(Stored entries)
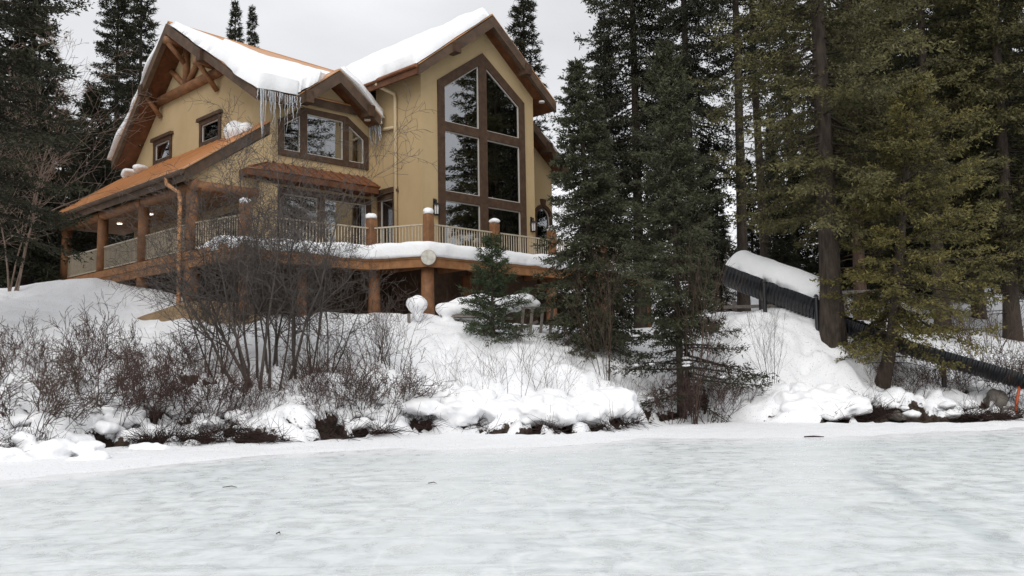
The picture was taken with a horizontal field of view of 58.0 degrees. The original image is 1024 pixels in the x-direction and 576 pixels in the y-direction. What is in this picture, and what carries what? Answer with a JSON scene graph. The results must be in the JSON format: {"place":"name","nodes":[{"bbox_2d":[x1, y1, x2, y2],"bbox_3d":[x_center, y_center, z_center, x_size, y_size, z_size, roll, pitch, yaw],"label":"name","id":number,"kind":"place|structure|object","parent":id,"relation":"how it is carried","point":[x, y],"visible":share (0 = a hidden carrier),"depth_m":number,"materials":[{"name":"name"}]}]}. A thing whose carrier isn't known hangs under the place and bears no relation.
{"place":"outdoors","nodes":[
{"label":"outdoors","id":0,"kind":"place"},
{"bbox_2d":[0,427,1023,575],"bbox_3d":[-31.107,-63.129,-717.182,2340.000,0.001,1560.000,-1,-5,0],"label":"lake ice","id":1,"kind":"structure","parent":0,"point":[940,503],"depth_m":10.60,"materials":[{"name":"ice"}]},
{"bbox_2d":[0,167,1023,479],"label":"snowy ground","id":2,"kind":"structure","parent":0,"point":[808,355],"depth_m":26.34,"materials":[{"name":"snow"}]},
{"bbox_2d":[0,328,34,405],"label":"red twig shrub","id":3,"kind":"object","parent":2,"relation":"on","point":[7,373],"visible":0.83,"depth_m":21.40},
{"bbox_2d":[0,316,54,351],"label":"red twig shrub","id":4,"kind":"object","parent":2,"relation":"on","point":[19,331],"visible":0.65,"depth_m":25.49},
{"bbox_2d":[0,0,59,268],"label":"fir tree","id":5,"kind":"object","parent":2,"relation":"on","point":[51,46],"visible":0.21,"depth_m":39.43,"materials":[{"name":"green plant"}]},
{"bbox_2d":[0,308,64,372],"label":"red twig shrub","id":6,"kind":"object","parent":2,"relation":"on","point":[42,345],"visible":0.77,"depth_m":23.62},
{"bbox_2d":[0,0,97,287],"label":"spruce tree","id":7,"kind":"object","parent":2,"relation":"on","point":[35,258],"visible":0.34,"depth_m":40.48,"materials":[{"name":"green plant"}]},
{"bbox_2d":[2,108,95,282],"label":"spruce tree","id":8,"kind":"object","parent":2,"relation":"on","point":[64,169],"visible":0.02,"depth_m":50.42,"materials":[{"name":"green plant"}]},
{"bbox_2d":[0,0,101,268],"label":"fir tree","id":9,"kind":"object","parent":2,"relation":"on","point":[35,135],"visible":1,"depth_m":26.18,"materials":[{"name":"green plant"}]},
{"bbox_2d":[0,11,103,261],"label":"birch tree","id":10,"kind":"object","parent":2,"relation":"on","point":[34,152],"visible":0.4,"depth_m":29.03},
{"bbox_2d":[18,342,88,396],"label":"red twig shrub","id":11,"kind":"object","parent":2,"relation":"on","point":[46,372],"visible":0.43,"depth_m":22.34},
{"bbox_2d":[0,334,147,437],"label":"red twig shrub","id":12,"kind":"object","parent":2,"relation":"on","point":[44,393],"visible":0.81,"depth_m":20.06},
{"bbox_2d":[0,1,160,291],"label":"birch tree","id":13,"kind":"object","parent":2,"relation":"on","point":[17,285],"visible":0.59,"depth_m":32.38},
{"bbox_2d":[38,85,132,281],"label":"spruce tree","id":14,"kind":"object","parent":2,"relation":"on","point":[90,178],"visible":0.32,"depth_m":47.47,"materials":[{"name":"green plant"}]},
{"bbox_2d":[41,288,142,373],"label":"red twig shrub","id":15,"kind":"object","parent":2,"relation":"on","point":[82,331],"visible":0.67,"depth_m":24.67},
{"bbox_2d":[46,306,153,407],"bbox_3d":[-10.016,1.889,22.602,2.361,2.994,3.442,1,-6,-21],"label":"red twig shrub","id":16,"kind":"object","parent":2,"relation":"on","point":[74,358],"visible":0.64,"depth_m":22.17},
{"bbox_2d":[71,0,144,272],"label":"fir tree","id":17,"kind":"object","parent":2,"relation":"on","point":[123,91],"visible":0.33,"depth_m":52.98,"materials":[{"name":"green plant"}]},
{"bbox_2d":[89,328,173,407],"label":"red twig shrub","id":18,"kind":"object","parent":2,"relation":"on","point":[138,362],"visible":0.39,"depth_m":22.73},
{"bbox_2d":[109,0,160,262],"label":"spruce tree","id":19,"kind":"object","parent":2,"relation":"on","point":[140,17],"visible":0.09,"depth_m":58.55,"materials":[{"name":"green plant"}]},
{"bbox_2d":[71,338,204,426],"bbox_3d":[-8.847,2.450,21.637,2.508,2.639,2.651,-6,-7,42],"label":"red twig shrub","id":20,"kind":"object","parent":2,"relation":"on","point":[133,391],"visible":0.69,"depth_m":21.40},
{"bbox_2d":[97,314,226,373],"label":"red twig shrub","id":21,"kind":"object","parent":2,"relation":"on","point":[183,350],"visible":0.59,"depth_m":24.95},
{"bbox_2d":[113,327,228,428],"bbox_3d":[-8.078,2.153,22.110,2.707,2.474,3.517,1,-6,-22],"label":"red twig shrub","id":22,"kind":"object","parent":2,"relation":"on","point":[157,379],"visible":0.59,"depth_m":21.93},
{"bbox_2d":[137,301,258,324],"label":"bare earth","id":23,"kind":"structure","parent":2,"relation":"on","point":[153,316],"depth_m":30.00,"materials":[{"name":"beige soil"}]},
{"bbox_2d":[104,184,302,381],"bbox_3d":[-8.149,-0.113,25.088,5.363,5.514,5.654,1,-6,-24],"label":"bare alder","id":24,"kind":"object","parent":2,"relation":"on","point":[217,306],"visible":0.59,"depth_m":25.10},
{"bbox_2d":[148,324,261,433],"bbox_3d":[-7.367,2.332,22.162,2.560,2.895,2.706,1,-6,-19],"label":"red twig shrub","id":25,"kind":"object","parent":2,"relation":"on","point":[223,395],"visible":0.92,"depth_m":22.08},
{"bbox_2d":[0,369,423,460],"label":"snow pillows","id":26,"kind":"object","parent":2,"relation":"on","point":[83,447],"visible":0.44,"depth_m":20.53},
{"bbox_2d":[188,344,269,406],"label":"red twig shrub","id":27,"kind":"object","parent":2,"relation":"on","point":[235,368],"visible":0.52,"depth_m":23.39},
{"bbox_2d":[225,0,246,42],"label":"spruce tree","id":28,"kind":"object","parent":2,"relation":"on","point":[238,33],"visible":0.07,"depth_m":67.96,"materials":[{"name":"green plant"}]},
{"bbox_2d":[245,4,260,47],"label":"spruce tree","id":29,"kind":"object","parent":2,"relation":"on","point":[253,38],"visible":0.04,"depth_m":72.05,"materials":[{"name":"green plant"}]},
{"bbox_2d":[225,363,287,419],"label":"red twig shrub","id":30,"kind":"object","parent":2,"relation":"on","point":[240,405],"visible":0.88,"depth_m":22.53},
{"bbox_2d":[97,82,443,390],"bbox_3d":[-6.684,-1.638,24.381,7.651,8.830,10.526,2,-6,-29],"label":"bare alder","id":31,"kind":"object","parent":2,"relation":"on","point":[282,211],"visible":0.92,"depth_m":24.52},
{"bbox_2d":[256,357,341,411],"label":"red twig shrub","id":32,"kind":"object","parent":2,"relation":"on","point":[301,390],"visible":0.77,"depth_m":23.27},
{"bbox_2d":[254,317,375,397],"bbox_3d":[-5.304,2.085,24.558,2.832,2.576,2.680,-3,-6,24],"label":"red twig shrub","id":33,"kind":"object","parent":2,"relation":"on","point":[308,359],"visible":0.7,"depth_m":24.24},
{"bbox_2d":[213,187,417,375],"bbox_3d":[-5.000,0.016,25.467,5.363,5.514,5.654,-5,-7,41],"label":"bare alder","id":34,"kind":"object","parent":2,"relation":"on","point":[325,306],"visible":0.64,"depth_m":25.26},
{"bbox_2d":[293,364,359,425],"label":"red twig shrub","id":35,"kind":"object","parent":2,"relation":"on","point":[335,402],"visible":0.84,"depth_m":22.52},
{"bbox_2d":[39,14,655,326],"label":"timber house","id":36,"kind":"structure","parent":2,"relation":"on","point":[480,90],"depth_m":36.83,"materials":[{"name":"paint"}]},
{"bbox_2d":[121,164,147,177],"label":"snow clump","id":37,"kind":"object","parent":36,"relation":"on","point":[136,169],"visible":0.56,"depth_m":41.12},
{"bbox_2d":[107,31,162,159],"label":"roof snow","id":38,"kind":"structure","parent":36,"relation":"on","point":[114,144],"depth_m":41.44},
{"bbox_2d":[150,131,173,164],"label":"window","id":39,"kind":"structure","parent":36,"relation":"in","point":[162,144],"depth_m":40.84,"materials":[{"name":"beige"}]},
{"bbox_2d":[195,109,222,146],"bbox_3d":[-12.322,-6.484,37.691,0.220,1.210,2.120,4,-7,-45],"label":"window","id":40,"kind":"structure","parent":36,"relation":"in","point":[207,122],"depth_m":37.77,"materials":[{"name":"beige"}]},
{"bbox_2d":[169,21,298,94],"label":"roof snow","id":41,"kind":"structure","parent":36,"relation":"on","point":[255,72],"depth_m":34.61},
{"bbox_2d":[223,120,252,139],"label":"snow clump","id":42,"kind":"object","parent":36,"relation":"on","point":[229,128],"visible":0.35,"depth_m":34.60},
{"bbox_2d":[223,39,326,91],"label":"roof snow","id":43,"kind":"structure","parent":36,"relation":"on","point":[306,78],"depth_m":35.50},
{"bbox_2d":[263,54,329,73],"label":"roof snow","id":44,"kind":"structure","parent":36,"relation":"on","point":[295,64],"depth_m":39.78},
{"bbox_2d":[278,107,368,169],"bbox_3d":[-7.305,-5.869,36.036,4.100,2.010,0.140,4,-7,-45],"label":"window","id":45,"kind":"structure","parent":36,"relation":"in","point":[326,123],"depth_m":36.04,"materials":[{"name":"beige"}]},
{"bbox_2d":[278,186,370,244],"bbox_3d":[-7.201,-2.375,35.761,4.220,2.600,0.140,4,-7,-45],"label":"window","id":46,"kind":"structure","parent":36,"relation":"in","point":[366,209],"depth_m":36.23,"materials":[{"name":"beige"}]},
{"bbox_2d":[339,66,384,118],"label":"roof snow","id":47,"kind":"structure","parent":36,"relation":"on","point":[359,86],"depth_m":36.31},
{"bbox_2d":[374,186,398,242],"bbox_3d":[-4.979,-2.471,36.906,0.210,3.020,1.460,4,-7,-45],"label":"glass door","id":48,"kind":"structure","parent":36,"relation":"in","point":[385,214],"depth_m":37.08,"materials":[{"name":"beige"}]},
{"bbox_2d":[346,7,490,84],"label":"roof snow","id":49,"kind":"structure","parent":36,"relation":"on","point":[417,48],"depth_m":36.93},
{"bbox_2d":[199,235,652,274],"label":"deck snow","id":50,"kind":"structure","parent":36,"relation":"on","point":[407,249],"depth_m":32.60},
{"bbox_2d":[421,250,436,265],"bbox_3d":[-2.900,-1.052,32.147,0.539,0.539,0.210,-1,-5,0],"label":"round plaque","id":51,"kind":"object","parent":36,"relation":"attached to","point":[428,257],"visible":1,"depth_m":32.05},
{"bbox_2d":[437,53,526,252],"bbox_3d":[-1.192,-5.311,37.985,4.880,8.900,0.140,4,-7,-45],"label":"window","id":52,"kind":"structure","parent":36,"relation":"in","point":[481,118],"depth_m":37.88,"materials":[{"name":"black"}]},
{"bbox_2d":[535,199,552,253],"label":"arched window","id":53,"kind":"structure","parent":36,"relation":"in","point":[542,212],"depth_m":43.21,"materials":[{"name":"glass"}]},
{"bbox_2d":[307,339,403,409],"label":"red twig shrub","id":54,"kind":"object","parent":2,"relation":"on","point":[346,374],"visible":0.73,"depth_m":23.32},
{"bbox_2d":[312,259,410,365],"bbox_3d":[-4.144,0.904,25.959,3.230,3.517,2.035,1,-6,-20],"label":"slender shrub","id":55,"kind":"object","parent":2,"relation":"on","point":[375,338],"visible":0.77,"depth_m":25.99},
{"bbox_2d":[320,341,444,428],"bbox_3d":[-3.443,2.570,23.213,3.427,2.506,2.350,-2,-5,15],"label":"red twig shrub","id":56,"kind":"object","parent":2,"relation":"on","point":[347,387],"visible":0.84,"depth_m":22.82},
{"bbox_2d":[354,277,455,373],"bbox_3d":[-3.054,1.216,25.306,2.907,3.166,1.831,-3,-5,16],"label":"slender shrub","id":57,"kind":"object","parent":2,"relation":"on","point":[387,351],"visible":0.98,"depth_m":25.32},
{"bbox_2d":[366,358,455,414],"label":"red twig shrub","id":58,"kind":"object","parent":2,"relation":"on","point":[409,386],"visible":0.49,"depth_m":23.47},
{"bbox_2d":[440,315,512,327],"bbox_3d":[-1.198,1.413,31.103,2.420,1.056,0.600,-1,-5,5],"label":"garden bench","id":59,"kind":"object","parent":2,"relation":"on","point":[460,317],"visible":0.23,"depth_m":30.92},
{"bbox_2d":[435,293,540,324],"bbox_3d":[-0.891,0.872,31.215,3.744,1.423,1.215,-1,-5,0],"label":"snow heap","id":60,"kind":"object","parent":59,"relation":"on","point":[450,309],"visible":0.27,"depth_m":30.96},
{"bbox_2d":[440,331,513,389],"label":"red stem shrub","id":61,"kind":"object","parent":2,"relation":"on","point":[480,367],"visible":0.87,"depth_m":25.03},
{"bbox_2d":[455,231,540,348],"bbox_3d":[-0.699,0.182,28.794,2.794,4.179,2.328,4,-7,-41],"label":"fir sapling","id":62,"kind":"object","parent":2,"relation":"on","point":[486,304],"visible":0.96,"depth_m":28.81,"materials":[{"name":"green plant"}]},
{"bbox_2d":[372,384,642,428],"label":"snow pillows","id":63,"kind":"object","parent":2,"relation":"on","point":[461,409],"visible":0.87,"depth_m":23.31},
{"bbox_2d":[0,359,1023,451],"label":"dead twigs","id":64,"kind":"object","parent":2,"relation":"on","point":[160,437],"visible":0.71,"depth_m":21.96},
{"bbox_2d":[468,300,562,396],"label":"red stem shrub","id":65,"kind":"object","parent":2,"relation":"on","point":[519,356],"visible":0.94,"depth_m":25.40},
{"bbox_2d":[514,306,555,333],"bbox_3d":[0.782,1.174,30.725,1.725,1.185,0.242,1,-5,-16],"label":"timber fence","id":66,"kind":"object","parent":2,"relation":"on","point":[536,322],"visible":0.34,"depth_m":30.71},
{"bbox_2d":[504,0,567,292],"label":"spruce tree","id":67,"kind":"object","parent":2,"relation":"on","point":[521,42],"visible":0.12,"depth_m":51.19,"materials":[{"name":"green plant"}]},
{"bbox_2d":[521,337,586,393],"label":"red stem shrub","id":68,"kind":"object","parent":2,"relation":"on","point":[555,373],"visible":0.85,"depth_m":25.24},
{"bbox_2d":[526,58,657,362],"bbox_3d":[2.412,-2.379,30.266,4.428,10.537,4.204,-3,-5,0],"label":"spruce tree","id":69,"kind":"object","parent":2,"relation":"on","point":[579,201],"visible":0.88,"depth_m":29.71,"materials":[{"name":"green plant"}]},
{"bbox_2d":[554,231,637,380],"bbox_3d":[2.378,0.702,26.565,2.654,4.711,2.200,-1,-5,0],"label":"bare sapling","id":70,"kind":"object","parent":2,"relation":"on","point":[609,311],"visible":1,"depth_m":26.87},
{"bbox_2d":[578,11,633,328],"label":"spruce tree","id":71,"kind":"object","parent":2,"relation":"on","point":[598,74],"visible":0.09,"depth_m":44.87,"materials":[{"name":"green plant"}]},
{"bbox_2d":[595,340,650,398],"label":"red stem shrub","id":72,"kind":"object","parent":2,"relation":"on","point":[622,372],"visible":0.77,"depth_m":26.06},
{"bbox_2d":[569,0,702,327],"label":"fir tree","id":73,"kind":"object","parent":2,"relation":"on","point":[631,168],"visible":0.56,"depth_m":41.44,"materials":[{"name":"green plant"}]},
{"bbox_2d":[615,37,729,418],"bbox_3d":[4.688,-1.781,27.041,3.395,11.707,3.353,0,-5,-13],"label":"spruce tree","id":74,"kind":"object","parent":2,"relation":"on","point":[667,83],"visible":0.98,"depth_m":26.89,"materials":[{"name":"green plant"}]},
{"bbox_2d":[635,361,710,423],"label":"tangled shrub","id":75,"kind":"object","parent":2,"relation":"on","point":[654,395],"visible":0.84,"depth_m":25.64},
{"bbox_2d":[623,0,753,313],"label":"fir tree","id":76,"kind":"object","parent":2,"relation":"on","point":[684,8],"visible":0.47,"depth_m":40.11,"materials":[{"name":"green plant"}]},
{"bbox_2d":[605,303,778,422],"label":"spruce boughs","id":77,"kind":"object","parent":2,"relation":"on","point":[657,321],"visible":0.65,"depth_m":26.49,"materials":[{"name":"green plant"}]},
{"bbox_2d":[631,317,758,399],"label":"bough snow","id":78,"kind":"structure","parent":77,"relation":"on","point":[685,358],"depth_m":26.36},
{"bbox_2d":[656,207,760,423],"bbox_3d":[5.671,0.793,25.698,2.899,6.208,3.497,1,-6,-24],"label":"bare sapling","id":79,"kind":"object","parent":2,"relation":"on","point":[701,356],"visible":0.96,"depth_m":25.71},
{"bbox_2d":[668,342,752,423],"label":"tangled shrub","id":80,"kind":"object","parent":2,"relation":"on","point":[709,388],"visible":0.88,"depth_m":25.55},
{"bbox_2d":[701,187,736,312],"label":"spruce tree","id":81,"kind":"object","parent":2,"relation":"on","point":[722,232],"visible":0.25,"depth_m":46.13,"materials":[{"name":"green plant"}]},
{"bbox_2d":[703,362,770,409],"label":"tangled shrub","id":82,"kind":"object","parent":2,"relation":"on","point":[735,395],"visible":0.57,"depth_m":26.08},
{"bbox_2d":[677,0,804,311],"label":"pine tree","id":83,"kind":"object","parent":2,"relation":"on","point":[742,241],"visible":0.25,"depth_m":41.89,"materials":[{"name":"green plant"}]},
{"bbox_2d":[710,0,788,257],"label":"pine tree","id":84,"kind":"object","parent":2,"relation":"on","point":[755,104],"visible":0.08,"depth_m":47.82,"materials":[{"name":"green plant"}]},
{"bbox_2d":[728,159,771,288],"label":"spruce tree","id":85,"kind":"object","parent":2,"relation":"on","point":[751,235],"visible":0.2,"depth_m":56.34,"materials":[{"name":"green plant"}]},
{"bbox_2d":[734,289,789,383],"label":"bare sapling","id":86,"kind":"object","parent":2,"relation":"on","point":[769,342],"visible":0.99,"depth_m":27.00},
{"bbox_2d":[750,147,791,259],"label":"spruce tree","id":87,"kind":"object","parent":2,"relation":"on","point":[766,154],"visible":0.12,"depth_m":62.69,"materials":[{"name":"green plant"}]},
{"bbox_2d":[744,1,813,259],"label":"fir tree","id":88,"kind":"object","parent":2,"relation":"on","point":[779,153],"visible":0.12,"depth_m":50.79,"materials":[{"name":"green plant"}]},
{"bbox_2d":[763,186,803,303],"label":"spruce tree","id":89,"kind":"object","parent":2,"relation":"on","point":[783,242],"visible":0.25,"depth_m":43.12,"materials":[{"name":"green plant"}]},
{"bbox_2d":[776,152,818,275],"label":"spruce tree","id":90,"kind":"object","parent":2,"relation":"on","point":[800,257],"visible":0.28,"depth_m":49.08,"materials":[{"name":"green plant"}]},
{"bbox_2d":[724,289,920,328],"bbox_3d":[11.663,1.142,34.671,7.459,2.208,0.400,-1,-5,0],"label":"rail fence","id":91,"kind":"object","parent":2,"relation":"on","point":[734,308],"visible":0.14,"depth_m":34.62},
{"bbox_2d":[688,0,959,347],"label":"fir tree","id":92,"kind":"object","parent":2,"relation":"on","point":[823,180],"visible":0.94,"depth_m":29.51,"materials":[{"name":"green plant"}]},
{"bbox_2d":[786,25,898,297],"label":"spruce tree","id":93,"kind":"object","parent":2,"relation":"on","point":[843,264],"visible":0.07,"depth_m":49.50,"materials":[{"name":"green plant"}]},
{"bbox_2d":[771,0,938,320],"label":"fir tree","id":94,"kind":"object","parent":2,"relation":"on","point":[858,285],"visible":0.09,"depth_m":39.84,"materials":[{"name":"green plant"}]},
{"bbox_2d":[723,266,1023,389],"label":"tube slide","id":95,"kind":"object","parent":2,"relation":"on","point":[800,303],"visible":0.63,"depth_m":29.54,"materials":[{"name":"plastic"}]},
{"bbox_2d":[726,250,819,299],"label":"snow","id":96,"kind":"structure","parent":95,"relation":"on","point":[779,273],"depth_m":30.68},
{"bbox_2d":[850,193,905,308],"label":"spruce tree","id":97,"kind":"object","parent":2,"relation":"on","point":[871,286],"visible":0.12,"depth_m":43.97,"materials":[{"name":"green plant"}]},
{"bbox_2d":[773,382,1011,420],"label":"snow pillows","id":98,"kind":"object","parent":2,"relation":"on","point":[802,398],"visible":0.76,"depth_m":25.34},
{"bbox_2d":[847,6,948,283],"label":"spruce tree","id":99,"kind":"object","parent":2,"relation":"on","point":[907,63],"visible":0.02,"depth_m":51.78,"materials":[{"name":"green plant"}]},
{"bbox_2d":[863,338,940,394],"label":"tangled shrub","id":100,"kind":"object","parent":2,"relation":"on","point":[902,377],"visible":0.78,"depth_m":27.00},
{"bbox_2d":[888,166,932,300],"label":"spruce tree","id":101,"kind":"object","parent":2,"relation":"on","point":[918,289],"visible":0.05,"depth_m":46.97,"materials":[{"name":"green plant"}]},
{"bbox_2d":[809,70,1023,388],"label":"fir tree","id":102,"kind":"object","parent":2,"relation":"on","point":[896,314],"visible":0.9,"depth_m":27.66,"materials":[{"name":"green plant"}]},
{"bbox_2d":[868,337,973,396],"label":"tangled shrub","id":103,"kind":"object","parent":2,"relation":"on","point":[925,376],"visible":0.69,"depth_m":27.31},
{"bbox_2d":[839,0,1023,326],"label":"fir tree","id":104,"kind":"object","parent":2,"relation":"on","point":[924,60],"visible":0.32,"depth_m":37.82,"materials":[{"name":"green plant"}]},
{"bbox_2d":[918,343,985,393],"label":"tangled shrub","id":105,"kind":"object","parent":2,"relation":"on","point":[965,385],"visible":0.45,"depth_m":27.98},
{"bbox_2d":[892,0,1023,318],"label":"fir tree","id":106,"kind":"object","parent":2,"relation":"on","point":[956,13],"visible":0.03,"depth_m":42.35,"materials":[{"name":"green plant"}]},
{"bbox_2d":[910,0,1023,340],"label":"fir tree","id":107,"kind":"object","parent":2,"relation":"on","point":[1009,224],"visible":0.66,"depth_m":37.22,"materials":[{"name":"green plant"}]},
{"bbox_2d":[925,277,1023,353],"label":"tangled shrub","id":108,"kind":"object","parent":2,"relation":"on","point":[958,321],"visible":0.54,"depth_m":33.86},
{"bbox_2d":[929,328,1023,404],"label":"tangled shrub","id":109,"kind":"object","parent":2,"relation":"on","point":[1020,365],"visible":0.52,"depth_m":27.86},
{"bbox_2d":[948,328,1023,384],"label":"tangled shrub","id":110,"kind":"object","parent":2,"relation":"on","point":[1001,354],"visible":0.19,"depth_m":29.41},
{"bbox_2d":[983,388,1009,408],"bbox_3d":[14.345,3.401,27.407,0.583,0.864,0.659,3,-7,-39],"label":"rock","id":111,"kind":"object","parent":2,"relation":"on","point":[997,395],"visible":0.61,"depth_m":27.21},
{"bbox_2d":[976,2,1023,274],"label":"spruce tree","id":112,"kind":"object","parent":2,"relation":"on","point":[1018,98],"visible":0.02,"depth_m":50.53,"materials":[{"name":"green plant"}]},
{"bbox_2d":[0,0,1023,174],"label":"sky","id":113,"kind":"structure","parent":0,"point":[330,34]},
{"bbox_3d":[-3.396,1.355,30.408,0.118,1.028,0.118,-1,-5,0],"label":"garden post","id":114,"kind":"object","parent":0,"visible":0},
{"bbox_2d":[406,295,427,321],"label":"snow clump","id":115,"kind":"object","parent":114,"relation":"on","point":[421,302],"visible":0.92,"depth_m":30.28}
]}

Required action: Return every line above that contains the word "slender".

Response to the task:
{"bbox_2d":[312,259,410,365],"bbox_3d":[-4.144,0.904,25.959,3.230,3.517,2.035,1,-6,-20],"label":"slender shrub","id":55,"kind":"object","parent":2,"relation":"on","point":[375,338],"visible":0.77,"depth_m":25.99},
{"bbox_2d":[354,277,455,373],"bbox_3d":[-3.054,1.216,25.306,2.907,3.166,1.831,-3,-5,16],"label":"slender shrub","id":57,"kind":"object","parent":2,"relation":"on","point":[387,351],"visible":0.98,"depth_m":25.32},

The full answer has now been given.